A wholly satisfying 3-0 victory also stilled any criticism at selling Steve Foster and Tony Grealish. Dissenting voices, always a minority, must now be faint echoes in the light of this latest performance.
Displays like this beat out Cattlin’s promise that the last two and half months of the campaign will not be allowed to peter out.
Amazingly, Peter Taylor axed four key players, including skipper Archie Gemmill and, before Gordon Smith scored the third and best goal of the match after 75 minutes, the Baseball Ground was a scene of bitter rancour.
Peter Taylor, who with Brian Clough, threw Albion a precious lifeline a decade ago, is himself in need of rescue.
Second from bottom, this grad old club, a founder member of the Football League, face relegation to the Third Division for only the second time, in their centenary year as well as today’s Inland Revenue winding-up petition in the High Court.
Perhaps Robert Maxwell will save Derby after all, but the prospect of charing a Third Division club cannot be that attractive. If he were to pay the preferential creditors in full, Derby could be had for under £1m.
Vinicombe blamed Derby’s poor financial affairs on poor housekeeping and contends that Brighton will never suffer such problems under Chris Cattlin, whose financial acumen was being demonstrated by his opposition to long-term contracts and the sale of senior players. Their opponents had the look of a veterans’ side, with Kenny Burns and Dave Watson also recruited to fight Derby’s relegation battle. Of the Rams, Vinicombe wrote:
Derby, this time shorn of not only Gemmill, but Paul Futcher who says he never want to play for Taylor again, John Robertson and Steve Cherry, had only endeavour to offer.
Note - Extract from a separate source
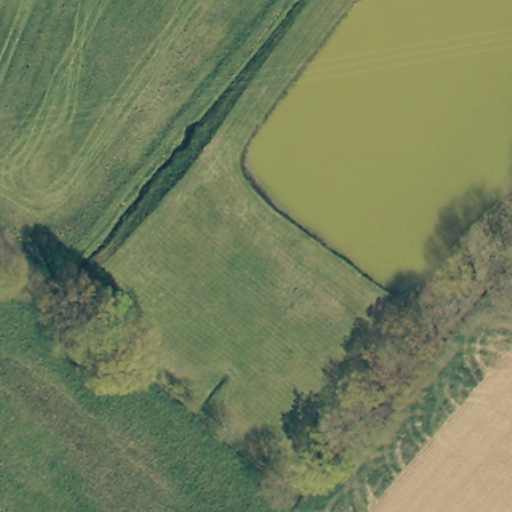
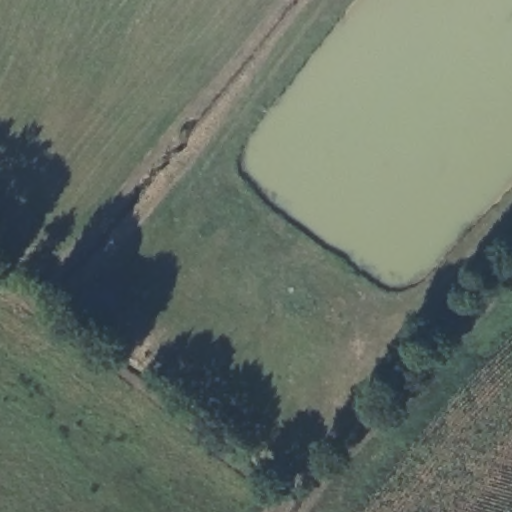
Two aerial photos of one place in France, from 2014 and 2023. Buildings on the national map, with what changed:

This is really only a polite way of saying their football was nothing but kick and rush, but there was a moment in the first half when the game might have gone their way.
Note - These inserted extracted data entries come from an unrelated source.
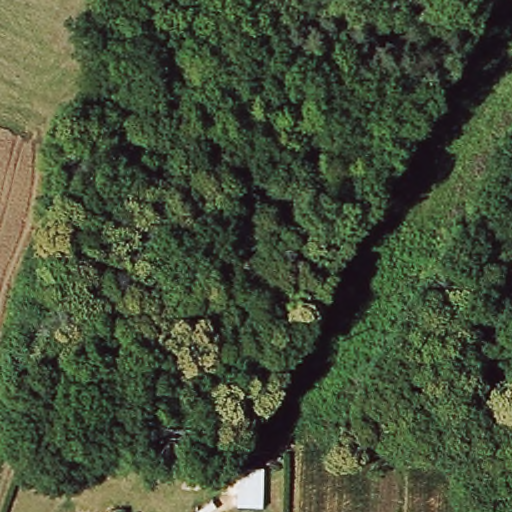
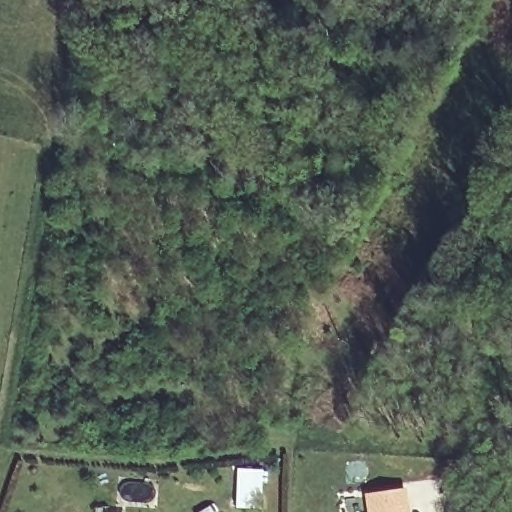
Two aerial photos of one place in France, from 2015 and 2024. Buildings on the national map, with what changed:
unchanged [(233,509),(235,474),(263,475),(261,510),(233,509)]
new [(371,492),(407,487),(411,512),(374,512),(371,492)]

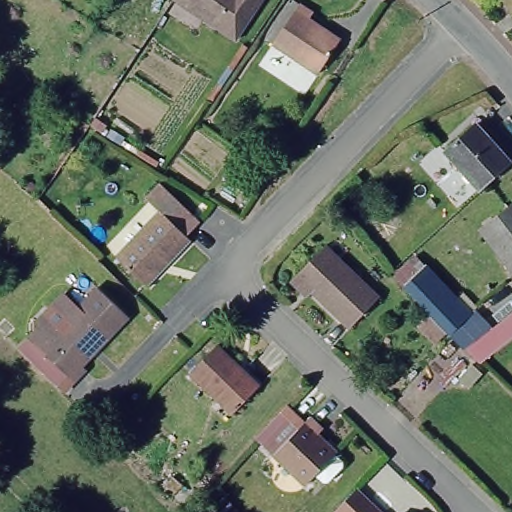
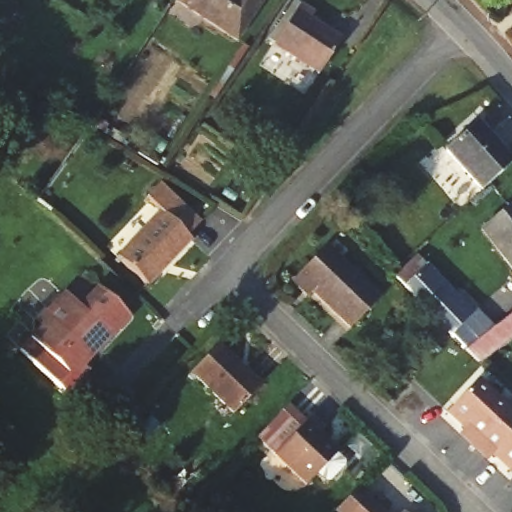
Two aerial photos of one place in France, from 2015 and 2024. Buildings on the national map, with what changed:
unchanged [(179,0),(256,0),(233,35),(179,0)]
unchanged [(312,13),(307,20),(340,42),(319,74),(272,44),(265,40),(289,3),(296,8),(298,4),(312,13)]
unchanged [(472,120),(508,156),(479,184),(443,148),(472,120)]
unchanged [(142,193),(154,180),(194,219),(182,231),(185,235),(142,280),(110,250),(155,206),(142,193)]
unchanged [(470,227),(503,199),(512,209),(512,269),(508,272),(470,227)]
unchanged [(293,273),(327,241),(380,295),(352,323),(312,282),(305,288),(293,273)]
unchanged [(398,282),(389,271),(413,249),(467,307),(472,302),(490,320),(460,347),(398,282)]
unchanged [(126,315),(79,361),(84,366),(71,378),(37,344),(94,285),(126,315)]
unchanged [(490,320),(493,328),(512,313),(512,340),(480,364),(460,347),(490,320)]
unchanged [(218,340),(260,381),(233,409),(190,368),(218,340)]
new [(477,377),(508,406),(474,443),(460,429),(465,424),(447,408),(477,377)]
new [(512,410),(512,465),(510,467),(493,450),(488,456),(474,443),(508,406),(512,410)]
unchanged [(322,424),(317,428),(335,446),(302,478),(271,447),(307,410),(322,424)]
unchanged [(359,482),(390,512),(343,512),(337,505),(359,482)]
unchanged [(407,506),(413,512),(401,512),(407,506)]

That is did not was entirely due to Perry Digweed rectifying Willie Young’s mistake and preventing a certain goal by Bobby Davison. Digweed smothered the ball at Davison’s feet after Willie’s ill-timed pass back, and a few minutes’ later, when there didn’t appear to be a call, collecting one of Eric Young’s size 11 boots in the face.
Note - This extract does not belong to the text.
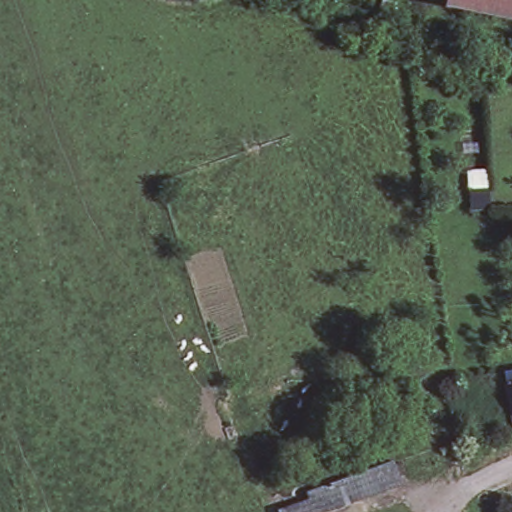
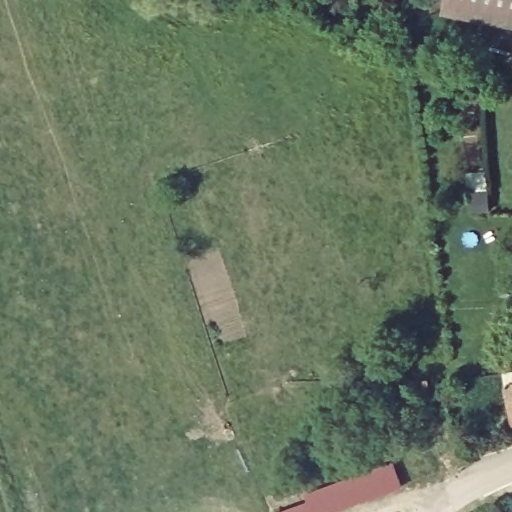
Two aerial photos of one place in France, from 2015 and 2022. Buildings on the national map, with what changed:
unchanged [(489,19),(445,10),(447,0),(512,0),(512,23),(489,19)]
unchanged [(502,383),(512,381),(512,422),(510,423),(502,383)]
unchanged [(306,507),(304,498),(393,468),(402,491),(339,512),(289,512),(306,507)]

For at least ten seconds, Digweed didn’t know what time of day it was. This was his first game for Cattlin, and only re-affirmed the manager’s high opinion of his second-string keeper.
Brighton took the lead on 54 minutes when Alan Young’s header found Steve Penney. The Ballymena-born winger turned Steve Buckle inside out and finished off the far post just as goalie Yakka Banovic tried to close the angle.
Striker Alan Young turned from provider to goalscorer eight minutes later, latching onto Gary Howlett’s pass to fire the ball home off Banovic’s foot.
Finally, Gordon Smith wrapped up the match with his last ever goals for the Seagulls, and it was a good one too. Danny Wilson caught ex-England defender Dave Watson at sixes and sevens and fed the Scotsman who rifled the ball into the roof of the net.
At the end of the season, Brighton finished ninth and Derby in 20th. However, it was a brief stay in the Third Division for the Rams and they returned to the Second Division in 1986 under the canny leadership of Arthur Cox.